Una delle rubriche di questo Blog è Artigianato e industria. Non ho ancora scritto molto sul tema, che è però uno dei miei favoriti. Strano che mi capiti di inaugurare la rubrica proprio oggi, parlando di una industria dalle origini antiche, quella mineraria. Non in toni leggeri come sono abituata a fare; ma pur sempre in sintonia con i temi del blog ITINERARI, in questo caso nel tempo, perché è importante la strada che si percorre, ma ancora più importante da dove si viene.

Mi sono ricordata di 20 anni fa, quando a Marzabotto, in provincia di Bologna, ho incontrato un signore, molto anziano, che quando sentì che vivevo in Belgio, mi raccontò che aveva lavorato a Charleroi, nelle miniere. Allora non mi impressionò… non conoscevo molto della storia di Marcinelle, Bois de Caziers o degli altri siti minerari, ma mi ricordo che mi raccontò di un accordo di scambio: manodopera e carbone…

Ora a 70 anni da quegli accordi tra l’Italia ed il Belgio del 1946 chiamati ‘accordo sulle condizioni relative all’invio di manodopera italiana in Belgio ed alle forniture di carbone’, mi torna in mente quel signore.

L’accordo prevedeva : per ogni scaglione di 1000 operai italiani che lavoreranno nelle miniere, il Belgio esporterà verso l’Italia: tonn. 2500 mensili di carbone, se la produzione mensile sarà inferiore a tonn. 1.750.000; tonn. 3000 se la produzione sarà compresa tra… e.... ecc.

Allora mi sono documentata un po’, tra un film ed un libro, sulla catastrofe di

nel 1956, dieci anni dopo gli accordi del carbone.…







“L’ascensore, è una gabbia lunga che tiene quaranta persone, cinque persone per ogni piano, otto piani di un metro e venti d’altezza, che bisogna starci dentro seduti o piegati sui ginocchi.  Le due gabbie funzionavano insieme, una scende e una monta… Il primo ascensore parte alle 7 e in tre minuti arriva a mille metri, quando è al fondo l’altro è alla superficie con sopra quelli della notte che rientrano.  Per scendere tutto il personale passa mezzora. […] I minatori non si chiamavano di nome, ma di numero”  (La catastrófa – Paolo Di Stefano, Sellerio Editore Palermo, 2011).

Era una città sotterranea con temperature di 40 gradi, con gallerie basse e lunghe, anche qualche kilometro.
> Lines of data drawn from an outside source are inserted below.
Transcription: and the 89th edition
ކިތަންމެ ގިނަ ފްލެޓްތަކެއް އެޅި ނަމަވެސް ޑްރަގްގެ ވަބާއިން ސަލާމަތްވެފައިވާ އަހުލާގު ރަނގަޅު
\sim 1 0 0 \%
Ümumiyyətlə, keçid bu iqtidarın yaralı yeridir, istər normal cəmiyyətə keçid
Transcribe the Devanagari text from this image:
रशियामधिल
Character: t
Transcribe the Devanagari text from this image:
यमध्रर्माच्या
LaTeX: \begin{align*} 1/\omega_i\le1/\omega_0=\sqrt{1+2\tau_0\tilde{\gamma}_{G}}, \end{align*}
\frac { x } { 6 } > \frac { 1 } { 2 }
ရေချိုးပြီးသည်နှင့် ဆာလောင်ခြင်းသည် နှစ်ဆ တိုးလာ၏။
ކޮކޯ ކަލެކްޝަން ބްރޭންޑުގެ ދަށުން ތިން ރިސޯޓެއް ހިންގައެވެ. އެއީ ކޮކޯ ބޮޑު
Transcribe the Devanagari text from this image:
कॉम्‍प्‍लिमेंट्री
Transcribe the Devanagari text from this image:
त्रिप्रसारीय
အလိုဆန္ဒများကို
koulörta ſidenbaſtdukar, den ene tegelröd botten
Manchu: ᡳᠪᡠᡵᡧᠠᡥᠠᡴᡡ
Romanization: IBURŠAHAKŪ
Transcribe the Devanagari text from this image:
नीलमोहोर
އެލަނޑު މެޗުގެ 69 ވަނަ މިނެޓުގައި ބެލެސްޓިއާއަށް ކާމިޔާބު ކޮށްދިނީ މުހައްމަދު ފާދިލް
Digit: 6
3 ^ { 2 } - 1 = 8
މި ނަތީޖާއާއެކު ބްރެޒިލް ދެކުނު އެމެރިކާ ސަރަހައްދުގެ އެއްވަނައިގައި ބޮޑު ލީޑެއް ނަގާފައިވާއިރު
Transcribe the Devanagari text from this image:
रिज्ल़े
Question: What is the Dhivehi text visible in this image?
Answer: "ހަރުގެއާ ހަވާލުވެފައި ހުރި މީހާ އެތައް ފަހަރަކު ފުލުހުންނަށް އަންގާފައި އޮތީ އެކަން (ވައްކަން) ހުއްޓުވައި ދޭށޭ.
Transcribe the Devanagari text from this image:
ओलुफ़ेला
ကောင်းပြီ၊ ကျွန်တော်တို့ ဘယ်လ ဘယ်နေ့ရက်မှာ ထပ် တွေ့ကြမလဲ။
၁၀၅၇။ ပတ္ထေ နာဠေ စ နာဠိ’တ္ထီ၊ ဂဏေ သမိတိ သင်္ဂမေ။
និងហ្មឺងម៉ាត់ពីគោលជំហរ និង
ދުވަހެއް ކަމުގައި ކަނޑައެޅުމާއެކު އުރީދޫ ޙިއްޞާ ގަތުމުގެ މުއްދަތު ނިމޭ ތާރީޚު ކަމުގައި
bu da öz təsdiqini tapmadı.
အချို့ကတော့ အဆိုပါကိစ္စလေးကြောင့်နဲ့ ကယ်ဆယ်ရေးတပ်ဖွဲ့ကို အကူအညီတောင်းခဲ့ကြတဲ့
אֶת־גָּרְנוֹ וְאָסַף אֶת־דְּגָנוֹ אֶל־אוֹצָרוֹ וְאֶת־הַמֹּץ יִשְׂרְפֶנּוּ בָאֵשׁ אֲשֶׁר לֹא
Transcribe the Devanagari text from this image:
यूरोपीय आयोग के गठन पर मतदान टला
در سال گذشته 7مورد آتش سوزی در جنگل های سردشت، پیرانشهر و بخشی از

C’erano stalle per i cavalli, locomotive, binari per i carrelli del carbone. “Il rumore lì sotto al chiuso si sentiva cento volte più forte che all’aria aperta, i macchinari a aria compressa, i motori .. ed anche gli odori e le puzze si sentivano cento volte di più…”
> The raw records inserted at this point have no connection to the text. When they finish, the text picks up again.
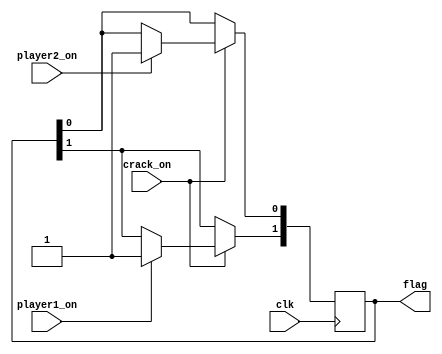
`timescale 1ns / 1ps
//////////////////////////////////////////////////////////////////////////////////
// Company: 
// Engineer: 
// 
// Design Name: 
// Module Name:    endflag 
// Project Name: 
// Target Devices: 
// Tool versions: 
// Description: 
//
// Dependencies: 
//
// Revision: 
// Revision 0.01 - File Created
// Additional Comments: 
//
//////////////////////////////////////////////////////////////////////////////////
module endflag(
	input wire clk, crack_on, player1_on, player2_on,
	output wire [1:2] flag
);
	reg [1:2] out;
	initial out <= 0;
	assign flag = out;
	always @(posedge clk) begin
		if (crack_on) begin
			if (player1_on) out[1] = 1;
			if (player2_on) out[2] = 1;
		end
	end
endmodule
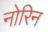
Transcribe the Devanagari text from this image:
नोरिन
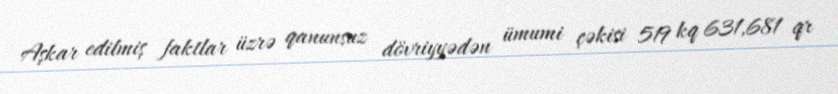
Aşkar edilmiş faktlar üzrə qanunsuz dövriyyədən ümumi çəkisi 519 kq 631,681 qr
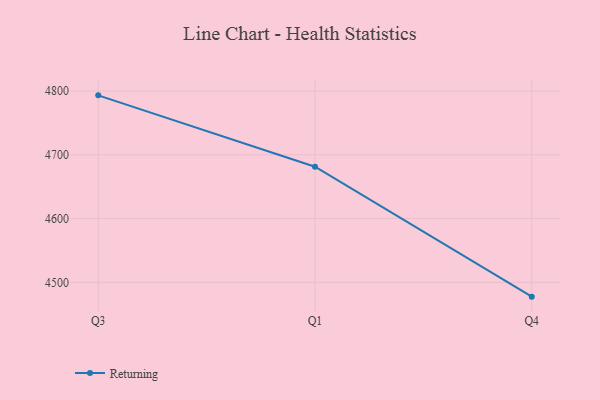
{"axis": {"x": "Quarter", "y": "Active Users"}, "legend": ["Returning"], "data": [{"x": "Q3", "y": 4793.2, "type": "Returning"}, {"x": "Q1", "y": 4681.3, "type": "Returning"}, {"x": "Q4", "y": 4477.5, "type": "Returning"}]}
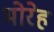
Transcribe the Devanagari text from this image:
मोरेह
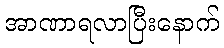
အာဏာရလာပြီးနောက်
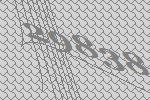
29838
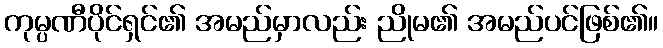
ကုမ္ပဏီပိုင်ရှင်၏ အမည်မှာလည်း ညိုမ၏ အမည်ပင်ဖြစ်၏။

Dovevi lavorare almeno un anno, dopo cinque potevi avere un permesso per fare altri lavori, come in fabbrica. Pagamento a cottimo, quindi per sfuggire alla miseria, si era in competizione anche per fare i doppi turni, per guadagnare un po’ di più. ‘Non ublieremo mai…’ dice uno dei testimoni intervistati nel libro ‘La catastrófa’.

La storia è un cerchio, o una spirale. A futura, ma anche presente, memoria.